Thursday, June 18, 2009

The Year of the Mikes

There must have been a secret alliance of boys named Mike who set out to pick on girls named Kelly in first grade. Every time I turned around, one of them was poking, pushing, or shoving me. By the end of first grade, they were everywhere taunting me. I didn’t want them near me on the playground or in line; it became obvious they enjoyed annoying me.

It all started on the playground. I was minding my own business when I felt a swift push on my back that nearly sent me flying out of the swing. A boy named Mike Brown delivered the shove. He sported a skin graft on his cheek from being burned on an iron, and if it hadn’t been for that element of intrigue, I doubt I would have noticed him at all before that day.

On a swing, I was happy to keep my feet near the ground. I had no desire to go high and less desire to have some boy push me. Mike pushed mightily, making me scream like a banshee. When I told him to stop, he only pushed harder.

“Miss Reinhart,” I yelled, “Mike is pussssshing meeeee.”

Obviously, she mistook my screams of “Oh God please help me, he’s going to kill me,” to be those of a child who was elated at having such a great friend.

“Well,” she yelled from across the playground from where the teachers stood when they were on duty, “Isn’t that nice of him?”

It wasn’t nice. It wasn’t nice at all. I screamed some more at her, and waved one arm while I held on like crazy with the other, and she smiled and waved back at me.

It was hopeless, I thought as I tightened my grip and expected death when I did a loopty-loop over the top bar of the swingset. I knew he enjoyed every minute of me screaming like a girl. I wanted to get off that swing and knock his block off. Better yet, I wanted to grab a hold of that graft and rip it right off his face. With tears in my eyes, as the teacher raised her hand to let us know recess time was over, the swing came to stop.

“Next recess it’s my turn for you to push me,” he said.

It wasn’t going to happen in my estimation. I hadn’t asked for a “turn,” especially from not some stinky ole boy.

“You have to,” he told me.

“Oh no, I don’t. I didn’t ask YOU to push ME,” I muttered while we waited in line to enter the school, boys on the right, and girls on the left.

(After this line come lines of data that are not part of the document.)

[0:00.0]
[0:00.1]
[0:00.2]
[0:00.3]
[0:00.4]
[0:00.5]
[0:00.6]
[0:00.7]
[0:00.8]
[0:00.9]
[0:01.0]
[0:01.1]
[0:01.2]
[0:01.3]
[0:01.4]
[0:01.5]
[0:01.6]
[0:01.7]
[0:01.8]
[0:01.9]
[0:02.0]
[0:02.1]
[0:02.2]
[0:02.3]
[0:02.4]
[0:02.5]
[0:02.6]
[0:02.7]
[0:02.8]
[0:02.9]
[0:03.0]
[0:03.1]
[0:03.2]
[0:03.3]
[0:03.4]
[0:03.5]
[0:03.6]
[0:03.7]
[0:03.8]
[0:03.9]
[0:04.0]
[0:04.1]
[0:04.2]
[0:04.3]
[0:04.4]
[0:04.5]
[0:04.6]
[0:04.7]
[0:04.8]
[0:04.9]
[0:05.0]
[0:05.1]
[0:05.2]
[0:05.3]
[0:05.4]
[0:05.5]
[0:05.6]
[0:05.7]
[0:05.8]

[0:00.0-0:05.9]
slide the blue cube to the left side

“Yes, you do. I’m telling if you don’t. I pushed you, so you’ve got to push me.”

I was going to push him alright. I had never been overtaken by the urge to punch somebody who I was not related to at that moment. Sure, I’d slugged my brother a good one, but never anyone else.

Then something happened that night. For some reason, he got to spend the night with the teacher. His mom was sick, or in jail. I didn’t know, and I didn’t really care too much about the specifics.

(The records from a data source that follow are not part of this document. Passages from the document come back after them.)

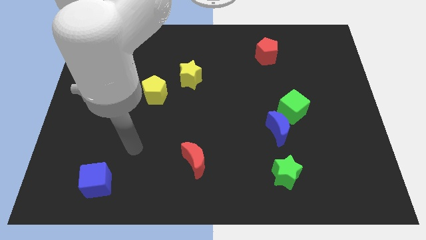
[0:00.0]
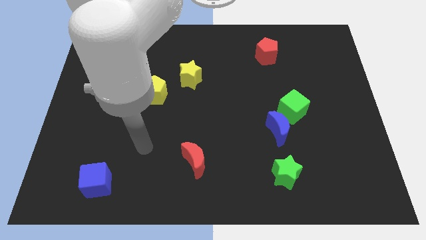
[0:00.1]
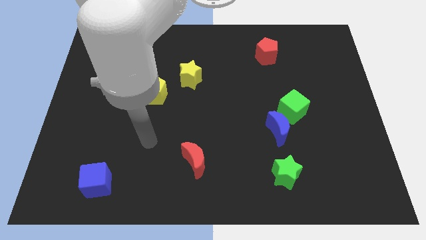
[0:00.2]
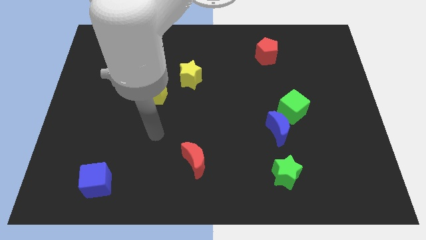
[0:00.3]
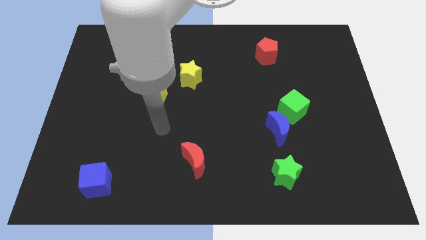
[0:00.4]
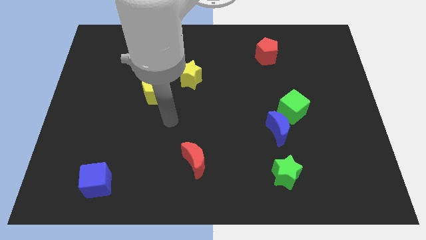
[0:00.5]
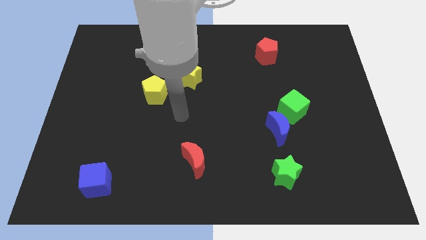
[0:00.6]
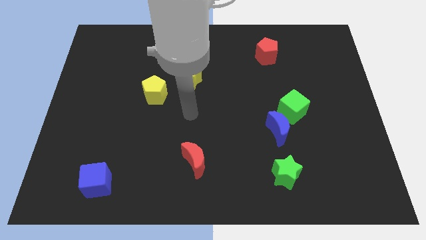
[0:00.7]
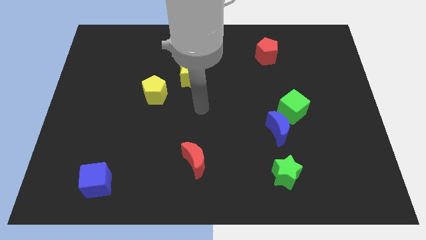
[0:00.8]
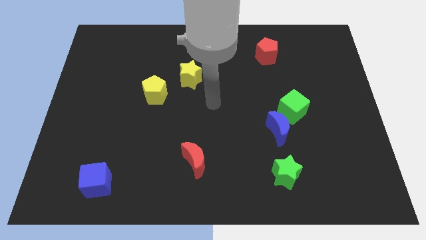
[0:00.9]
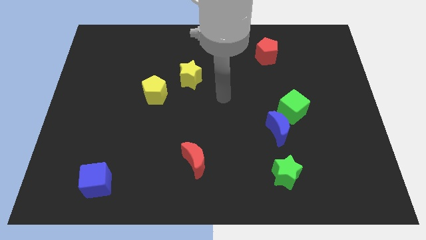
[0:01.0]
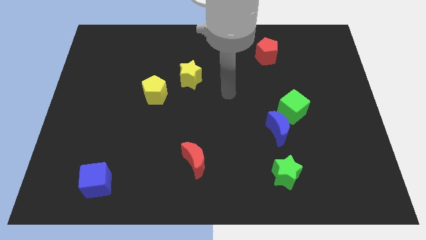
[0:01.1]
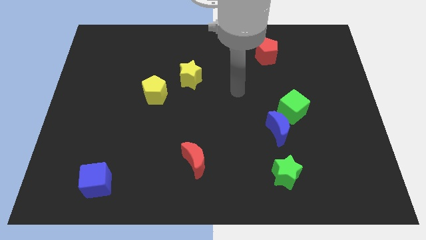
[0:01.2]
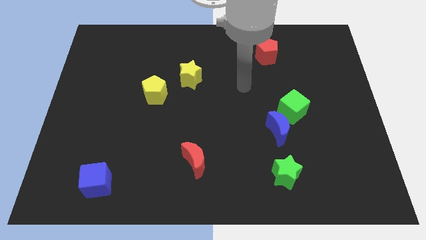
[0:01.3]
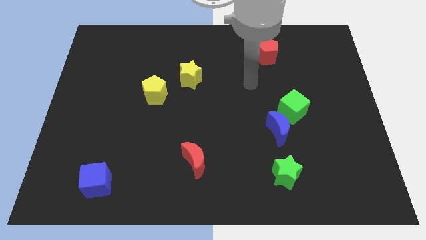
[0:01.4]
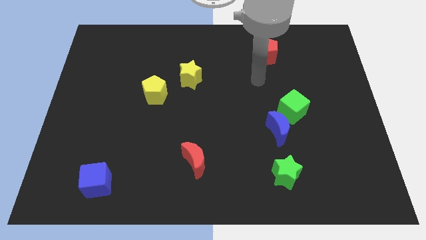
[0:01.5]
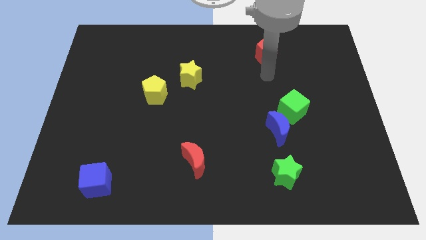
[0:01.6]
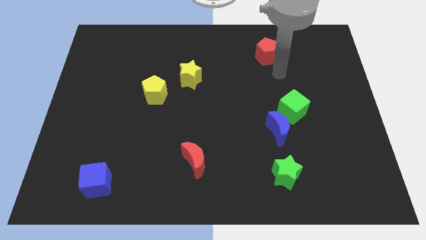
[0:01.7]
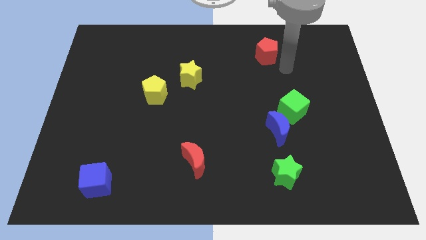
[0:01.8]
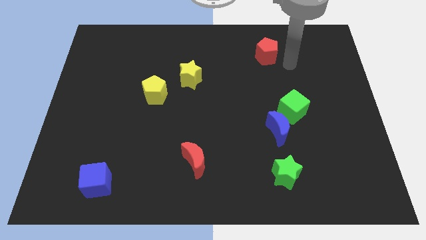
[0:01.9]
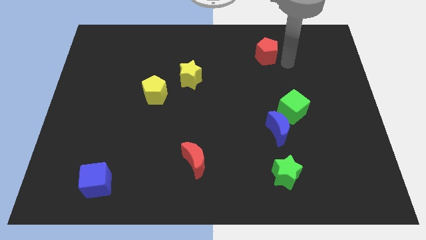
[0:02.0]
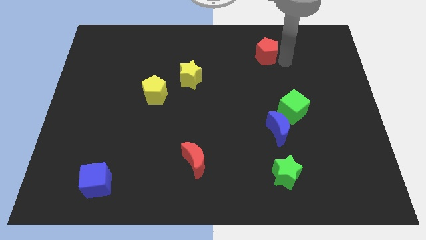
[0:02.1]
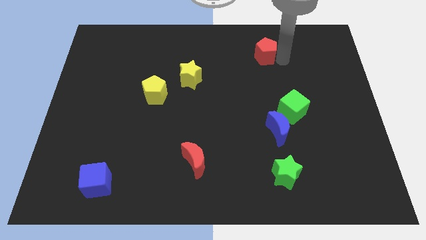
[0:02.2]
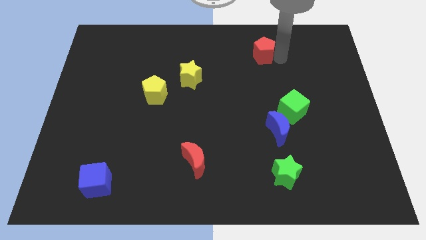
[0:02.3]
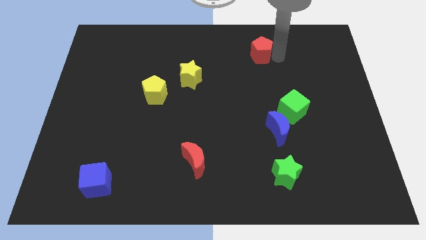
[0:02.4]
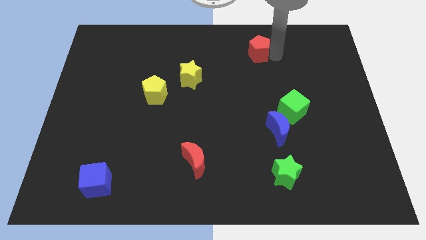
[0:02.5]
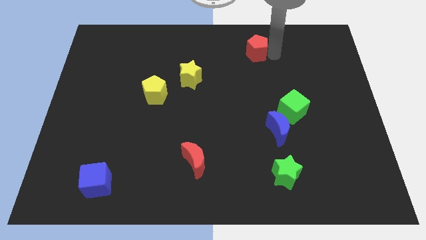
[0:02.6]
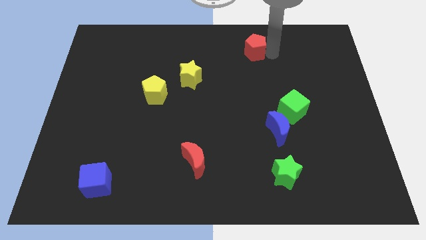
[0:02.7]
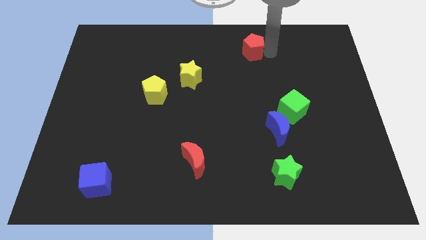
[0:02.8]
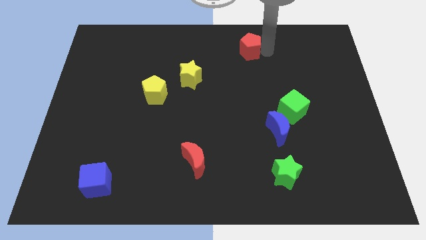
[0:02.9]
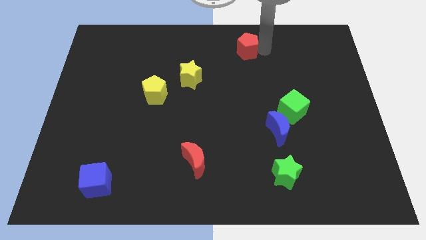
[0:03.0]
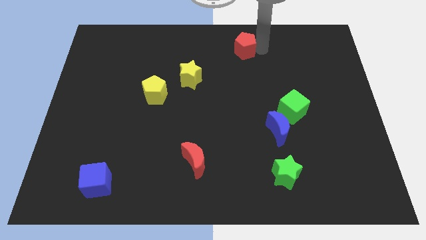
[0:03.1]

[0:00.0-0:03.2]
slide the red pentagon to the towards your base

Instead, I wondered if she made him learn at her house. Did she have a huge teddy bear like the one that set in our classroom in the corner that we used during story time? Did she read him a bedtime story? The teacher certainly was one of the best grown-up readers I’d ever heard.
I was envious. I wanted something to happen to me. I wanted my chance to spend the night at the teacher’s house. I wondered what she would make me for dinner. Maybe she would invite me over on a whim to spend the night since she’d let Mike.

He bragged incessantly the next day about staying with the teacher. She had even packed him a lunch to eat the next day. I wasn’t allowed to pack, which made it sting even more.

Every time I turned around, there was a Mike just ready to cause me stress. Typically if you shared a name with another classmate, you were referred to by your name and the first initial of your last name. Like Kathy R. and Kathy L. There was a small glitch with this because both of Mikes had last names that started with B.

Mike Brown and Mike Bay, they were called. It worked well with me because they deserved to get the last name if I had any business with them. They both took great pleasure in tormenting me to near tears.

While Mike Brown stuck to the playground, Mike Bay took over while we were in line or in the classroom.

He would knock over all the other kids just to get behind me in line. Since we weren’t allowed to tattletale on those who butted in line, I was stuck.

Standing behind me, he would pull my hair and pinch me. When I would turn around telling him to stop, he would quote the TV commercial for garbage bags, “Don’t get mad, get glad!”

He would cackle like it was the funniest thing he ever heard. It wasn’t funny, and it only made me madder. I was anything but “glad” when he crept up behind me. I wanted to kick him in the shin.

I told the teacher, “Mike won’t stop touching my hair.”

He lied. He lied like the stinky dog that he was.

He said, “Her butterfly was falling out. I put it back.”

“What a nice boy you are. Kelly, thank him for fixing your barrette.”

I was going to thank him all right, and I hoped he’d be glad that when somebody the urge overtook me to kick him in the shin and not in the boy parts.